### Task requirements
Every line below that holds the string "Bounding" should be copied.

──────── Data to process ────────

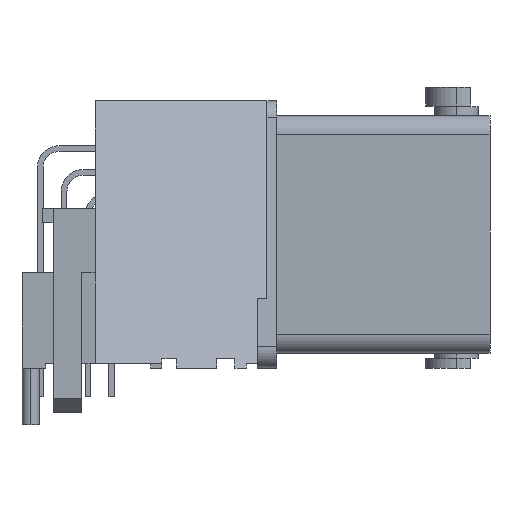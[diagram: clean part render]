
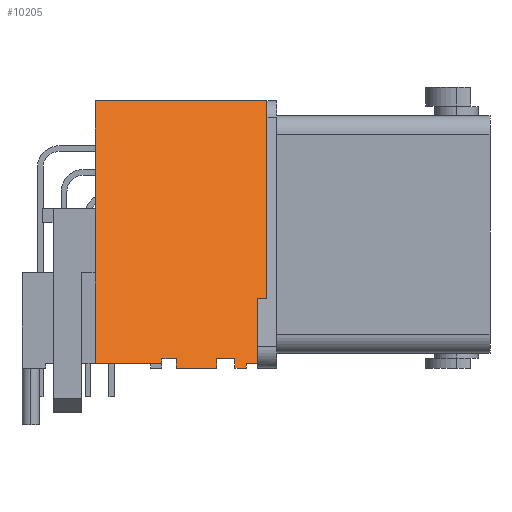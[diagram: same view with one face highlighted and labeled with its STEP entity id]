
A CAD part, left-side view. The second image highlights one B-rep face of the part: STEP entity #10205.
In plain terms, the highlighted planar face has unit normal (-0.866, 0, 0.5).
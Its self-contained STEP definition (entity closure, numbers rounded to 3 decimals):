
#177 = CARTESIAN_POINT ( 'NONE',  ( -34.661, 2.5, 0.5 ) ) ;
#280 = EDGE_CURVE ( 'NONE', #2510, #41547, #20822, .T. ) ;
#358 = CARTESIAN_POINT ( 'NONE',  ( -18.784, -8.5, 28. ) ) ;
#465 = LINE ( 'NONE', #36037, #8736 ) ;
#518 = VECTOR ( 'NONE', #28649, 1000. ) ;
#2209 = CARTESIAN_POINT ( 'NONE',  ( -30.714, -7.5, 7.337 ) ) ;
#2290 = ORIENTED_EDGE ( 'NONE', *, *, #280, .T. ) ;
#2510 = VERTEX_POINT ( 'NONE', #10790 ) ;
#2786 = CARTESIAN_POINT ( 'NONE',  ( -34.95, -6.324, 0. ) ) ;
#3018 = DIRECTION ( 'NONE',  ( 0., 1., 0. ) ) ;
#3290 = EDGE_CURVE ( 'NONE', #2510, #38610, #8437, .T. ) ;
#3500 = VECTOR ( 'NONE', #25620, 1000. ) ;
#4159 = VERTEX_POINT ( 'NONE', #39224 ) ;
#4270 = CARTESIAN_POINT ( 'NONE',  ( -34.661, -7.5, 0.5 ) ) ;
#4907 = VERTEX_POINT ( 'NONE', #30946 ) ;
#5023 = CARTESIAN_POINT ( 'NONE',  ( -30.714, -8.5, 7.337 ) ) ;
#5051 = DIRECTION ( 'NONE',  ( 0.5, 0., 0.866 ) ) ;
#5369 = VECTOR ( 'NONE', #5510, 1000. ) ;
#5510 = DIRECTION ( 'NONE',  ( 0., -1., 0. ) ) ;
#5684 = EDGE_CURVE ( 'NONE', #12297, #40568, #19808, .T. ) ;
#6925 = VECTOR ( 'NONE', #30820, 1000. ) ;
#8181 = CARTESIAN_POINT ( 'NONE',  ( -34.95, 9.5, 0. ) ) ;
#8437 = LINE ( 'NONE', #9069, #18381 ) ;
#8477 = LINE ( 'NONE', #21437, #15075 ) ;
#8603 = PLANE ( 'NONE',  #10132 ) ;
#8736 = VECTOR ( 'NONE', #23785, 1000. ) ;
#8796 = EDGE_CURVE ( 'NONE', #26503, #4907, #22511, .T. ) ;
#8824 = CARTESIAN_POINT ( 'NONE',  ( -34.95, -8.5, 0. ) ) ;
#8878 = ORIENTED_EDGE ( 'NONE', *, *, #11813, .F. ) ;
#9069 = CARTESIAN_POINT ( 'NONE',  ( -34.95, 1., 0. ) ) ;
#9249 = FACE_OUTER_BOUND ( 'NONE', #18112, .T. ) ;
#9790 = ORIENTED_EDGE ( 'NONE', *, *, #33331, .T. ) ;
#9839 = LINE ( 'NONE', #10455, #20562 ) ;
#10132 = AXIS2_PLACEMENT_3D ( 'NONE', #8824, #34821, #22168 ) ;
#10133 = VECTOR ( 'NONE', #24566, 1000. ) ;
#10205 = ADVANCED_FACE ( 'NONE', ( #9249 ), #8603, .T. ) ;
#10238 = CARTESIAN_POINT ( 'NONE',  ( -34.373, 2.5, 1. ) ) ;
#10455 = CARTESIAN_POINT ( 'NONE',  ( -34.373, -8.5, 1. ) ) ;
#10521 = DIRECTION ( 'NONE',  ( 0.5, 0., 0.866 ) ) ;
#10790 = CARTESIAN_POINT ( 'NONE',  ( -34.95, 1., 0. ) ) ;
#11080 = CARTESIAN_POINT ( 'NONE',  ( -30.714, -8.5, 7.337 ) ) ;
#11356 = VERTEX_POINT ( 'NONE', #36573 ) ;
#11625 = VERTEX_POINT ( 'NONE', #25246 ) ;
#11687 = CARTESIAN_POINT ( 'NONE',  ( -18.784, -8.5, 28. ) ) ;
#11813 = EDGE_CURVE ( 'NONE', #17495, #13222, #13797, .T. ) ;
#11906 = DIRECTION ( 'NONE',  ( 0., 1., 0. ) ) ;
#11907 = CARTESIAN_POINT ( 'NONE',  ( -25.3, 9.5, 16.714 ) ) ;
#11973 = ORIENTED_EDGE ( 'NONE', *, *, #36767, .F. ) ;
#12297 = VERTEX_POINT ( 'NONE', #10238 ) ;
#12668 = CARTESIAN_POINT ( 'NONE',  ( -34.95, -3.25, 0. ) ) ;
#12808 = CARTESIAN_POINT ( 'NONE',  ( -34.95, -8.5, 0. ) ) ;
#13010 = VERTEX_POINT ( 'NONE', #38402 ) ;
#13222 = VERTEX_POINT ( 'NONE', #4270 ) ;
#13321 = ORIENTED_EDGE ( 'NONE', *, *, #35451, .F. ) ;
#13473 = CARTESIAN_POINT ( 'NONE',  ( -34.373, -3.25, 1. ) ) ;
#13797 = LINE ( 'NONE', #39411, #33842 ) ;
#14557 = LINE ( 'NONE', #21353, #6925 ) ;
#15075 = VECTOR ( 'NONE', #21228, 1000. ) ;
#15799 = VERTEX_POINT ( 'NONE', #11907 ) ;
#16422 = VECTOR ( 'NONE', #39674, 1000. ) ;
#16496 = ORIENTED_EDGE ( 'NONE', *, *, #36316, .T. ) ;
#16596 = EDGE_CURVE ( 'NONE', #35662, #17495, #40078, .T. ) ;
#16763 = ORIENTED_EDGE ( 'NONE', *, *, #8796, .F. ) ;
#17085 = ORIENTED_EDGE ( 'NONE', *, *, #16596, .F. ) ;
#17181 = ORIENTED_EDGE ( 'NONE', *, *, #38520, .T. ) ;
#17495 = VERTEX_POINT ( 'NONE', #2209 ) ;
#17771 = EDGE_CURVE ( 'NONE', #40568, #13010, #18051, .T. ) ;
#18002 = ORIENTED_EDGE ( 'NONE', *, *, #39878, .T. ) ;
#18051 = LINE ( 'NONE', #30725, #27152 ) ;
#18112 = EDGE_LOOP ( 'NONE', ( #16763, #17181, #8878, #17085, #18002, #9790, #22652, #23523, #35523, #32673, #36735, #37591, #2290, #11973, #13321, #21817, #16496 ) ) ;
#18381 = VECTOR ( 'NONE', #5051, 1000. ) ;
#18412 = DIRECTION ( 'NONE',  ( 0., -1., 0. ) ) ;
#19587 = EDGE_CURVE ( 'NONE', #38610, #12297, #9839, .T. ) ;
#19808 = LINE ( 'NONE', #36078, #16422 ) ;
#20562 = VECTOR ( 'NONE', #3018, 1000. ) ;
#20822 = LINE ( 'NONE', #33665, #5369 ) ;
#21228 = DIRECTION ( 'NONE',  ( 0., -1., 0. ) ) ;
#21311 = VECTOR ( 'NONE', #31389, 1000. ) ;
#21353 = CARTESIAN_POINT ( 'NONE',  ( -34.95, 9.5, 0. ) ) ;
#21437 = CARTESIAN_POINT ( 'NONE',  ( -34.95, 9.5, 0. ) ) ;
#21817 = ORIENTED_EDGE ( 'NONE', *, *, #23062, .F. ) ;
#21818 = CARTESIAN_POINT ( 'NONE',  ( -34.373, -8.5, 1. ) ) ;
#22168 = DIRECTION ( 'NONE',  ( 0.5, 0., 0.866 ) ) ;
#22511 = LINE ( 'NONE', #2786, #518 ) ;
#22652 = ORIENTED_EDGE ( 'NONE', *, *, #34535, .F. ) ;
#23062 = EDGE_CURVE ( 'NONE', #11625, #4159, #465, .T. ) ;
#23366 = EDGE_CURVE ( 'NONE', #13010, #15799, #14557, .T. ) ;
#23523 = ORIENTED_EDGE ( 'NONE', *, *, #23366, .F. ) ;
#23756 = DIRECTION ( 'NONE',  ( -0.5, 0., -0.866 ) ) ;
#23785 = DIRECTION ( 'NONE',  ( 0.5, 0., 0.866 ) ) ;
#24008 = DIRECTION ( 'NONE',  ( 0., 1., 0. ) ) ;
#24566 = DIRECTION ( 'NONE',  ( 0., 1., 0. ) ) ;
#25097 = CARTESIAN_POINT ( 'NONE',  ( -34.95, -3.25, 0. ) ) ;
#25186 = CARTESIAN_POINT ( 'NONE',  ( -34.661, -8.5, 0.5 ) ) ;
#25246 = CARTESIAN_POINT ( 'NONE',  ( -34.95, -5.148, 0. ) ) ;
#25394 = LINE ( 'NONE', #25186, #39448 ) ;
#25620 = DIRECTION ( 'NONE',  ( 0., 1., 0. ) ) ;
#26503 = VERTEX_POINT ( 'NONE', #38713 ) ;
#27152 = VECTOR ( 'NONE', #11906, 1000. ) ;
#27375 = VERTEX_POINT ( 'NONE', #358 ) ;
#27754 = LINE ( 'NONE', #11687, #10133 ) ;
#28649 = DIRECTION ( 'NONE',  ( -0.5, 0., -0.866 ) ) ;
#30725 = CARTESIAN_POINT ( 'NONE',  ( -34.661, -8.5, 0.5 ) ) ;
#30820 = DIRECTION ( 'NONE',  ( 0.5, 0., 0.866 ) ) ;
#30946 = CARTESIAN_POINT ( 'NONE',  ( -34.95, -6.324, 0. ) ) ;
#31389 = DIRECTION ( 'NONE',  ( 0.5, 0., 0.866 ) ) ;
#31711 = LINE ( 'NONE', #21818, #3500 ) ;
#32673 = ORIENTED_EDGE ( 'NONE', *, *, #5684, .F. ) ;
#33331 = EDGE_CURVE ( 'NONE', #27375, #11356, #27754, .T. ) ;
#33665 = CARTESIAN_POINT ( 'NONE',  ( -34.95, 9.5, 0. ) ) ;
#33842 = VECTOR ( 'NONE', #23756, 1000. ) ;
#34535 = EDGE_CURVE ( 'NONE', #15799, #11356, #37175, .T. ) ;
#34821 = DIRECTION ( 'NONE',  ( -0.866, 0., 0.5 ) ) ;
#35451 = EDGE_CURVE ( 'NONE', #4159, #40918, #31711, .T. ) ;
#35517 = CARTESIAN_POINT ( 'NONE',  ( -34.373, 1., 1. ) ) ;
#35523 = ORIENTED_EDGE ( 'NONE', *, *, #17771, .F. ) ;
#35662 = VERTEX_POINT ( 'NONE', #5023 ) ;
#36037 = CARTESIAN_POINT ( 'NONE',  ( -34.95, -5.148, 0. ) ) ;
#36078 = CARTESIAN_POINT ( 'NONE',  ( -34.95, 2.5, 0. ) ) ;
#36316 = EDGE_CURVE ( 'NONE', #11625, #4907, #8477, .T. ) ;
#36573 = CARTESIAN_POINT ( 'NONE',  ( -18.784, 9.5, 28. ) ) ;
#36735 = ORIENTED_EDGE ( 'NONE', *, *, #19587, .F. ) ;
#36767 = EDGE_CURVE ( 'NONE', #40918, #41547, #41569, .T. ) ;
#37175 = LINE ( 'NONE', #8181, #39923 ) ;
#37591 = ORIENTED_EDGE ( 'NONE', *, *, #3290, .F. ) ;
#37791 = LINE ( 'NONE', #12808, #21311 ) ;
#37818 = VECTOR ( 'NONE', #38017, 1000. ) ;
#38017 = DIRECTION ( 'NONE',  ( -0.5, 0., -0.866 ) ) ;
#38402 = CARTESIAN_POINT ( 'NONE',  ( -34.661, 9.5, 0.5 ) ) ;
#38520 = EDGE_CURVE ( 'NONE', #26503, #13222, #25394, .T. ) ;
#38610 = VERTEX_POINT ( 'NONE', #35517 ) ;
#38713 = CARTESIAN_POINT ( 'NONE',  ( -34.661, -6.324, 0.5 ) ) ;
#38998 = VECTOR ( 'NONE', #24008, 1000. ) ;
#39224 = CARTESIAN_POINT ( 'NONE',  ( -34.373, -5.148, 1. ) ) ;
#39411 = CARTESIAN_POINT ( 'NONE',  ( -34.95, -7.5, 0. ) ) ;
#39448 = VECTOR ( 'NONE', #18412, 1000. ) ;
#39674 = DIRECTION ( 'NONE',  ( -0.5, 0., -0.866 ) ) ;
#39878 = EDGE_CURVE ( 'NONE', #35662, #27375, #37791, .T. ) ;
#39923 = VECTOR ( 'NONE', #10521, 1000. ) ;
#40078 = LINE ( 'NONE', #11080, #38998 ) ;
#40568 = VERTEX_POINT ( 'NONE', #177 ) ;
#40918 = VERTEX_POINT ( 'NONE', #13473 ) ;
#41547 = VERTEX_POINT ( 'NONE', #12668 ) ;
#41569 = LINE ( 'NONE', #25097, #37818 ) ;
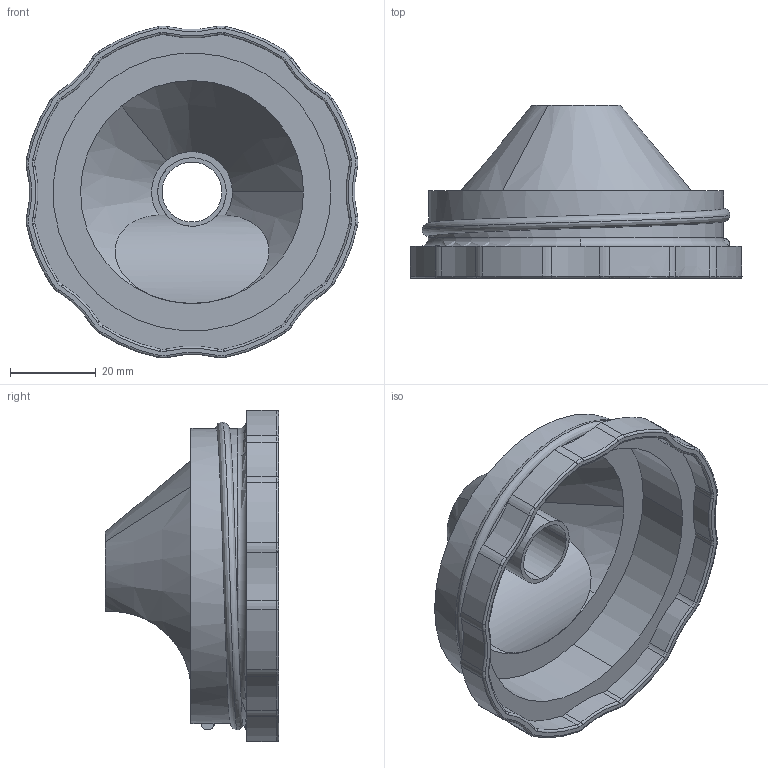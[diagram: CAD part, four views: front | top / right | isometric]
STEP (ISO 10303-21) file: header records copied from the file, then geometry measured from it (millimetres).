
FILE_DESCRIPTION(('produced by SPATIAL CORP'),'2;1');
FILE_NAME('Part32.hh.sat.stp', '2002-04-22T11:44:56+00:00',('SPATIAL CORP'),('SPATIAL CORP'), 'ACIS STEP Husk','http://www.spatial.com','SPATIAL CORP');
FILE_SCHEMA(('CONFIG_CONTROL_DESIGN'));
Length unit declared in the file: millimetre
Products named in the file (1): PRODUCT_ID_1
Bounding box: 77.64 x 40.5 x 77.64 mm (x, y, z)
Volume: 21955.3 mm3; surface area: 22003.1 mm2
Topology: 1 solids, 1 shells, 169 faces, 420 edges, 258 vertices
Faces by surface type: cylinder 67, torus 64, bspline 21, plane 10, cone 7
Full cylindrical faces by diameter (mm): 69 x1
Entity records: 8153 total; most frequent: CARTESIAN_POINT 4338, ORIENTED_EDGE 840, DIRECTION 768, EDGE_CURVE 420, AXIS2_PLACEMENT_3D 354, VERTEX_POINT 258, CIRCLE 226, EDGE_LOOP 176
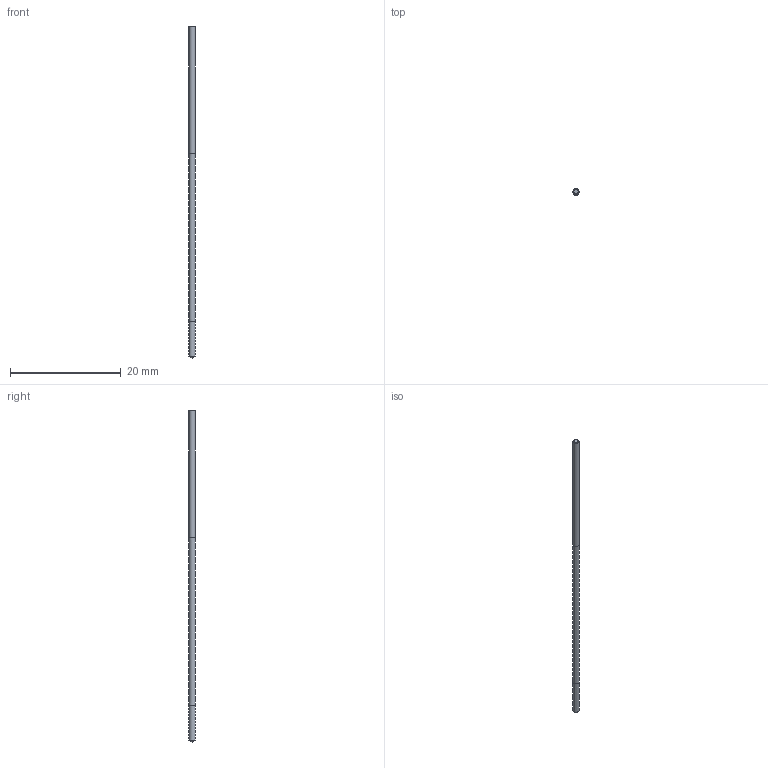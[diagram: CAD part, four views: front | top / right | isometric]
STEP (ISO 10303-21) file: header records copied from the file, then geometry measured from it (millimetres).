
FILE_DESCRIPTION(/* description */ ('A1101.1'),/* implementation_level */ '2;1');
FILE_NAME(/* name */ 'CAPP~~210915102059~5968293~MOD~TM01_00~ISO~FR.STP',/* time_stamp */ '2021-09-15T10:22:18+02:00',/* author */ ('System'),/* organization */ ('Dormer Pramet'),/* preprocessor_version */ 'ST-DEVELOPER v16.7',/* originating_system */ 'SIEMENS PLM Software NX 12.0',/* authorisation */ '');
FILE_SCHEMA (('AUTOMOTIVE_DESIGN { 1 0 10303 214 3 1 1 1 }'));
Length unit declared in the file: millimetre
Products named in the file (1): CAPP~~210915102059~5968293~MOD~TM01_00~ISO~FR
Bounding box: 1.1 x 1.1 x 60 mm (x, y, z)
Volume: 56.7 mm3; surface area: 209.7 mm2
Topology: 2 solids, 2 shells, 9 faces, 16 edges, 13 vertices
Faces by surface type: plane 4, cone 4, cylinder 1
Full cylindrical faces by diameter (mm): 1.1 x1
Entity records: 246 total; most frequent: DIRECTION 40, CARTESIAN_POINT 36, AXIS2_PLACEMENT_3D 20, EDGE_LOOP 14, ORIENTED_EDGE 14, FACE_BOUND 12, ADVANCED_FACE 9, VERTEX_POINT 8

────────

### Reply
Bounding box: 77.64 x 40.5 x 77.64 mm (x, y, z)
Bounding box: 1.1 x 1.1 x 60 mm (x, y, z)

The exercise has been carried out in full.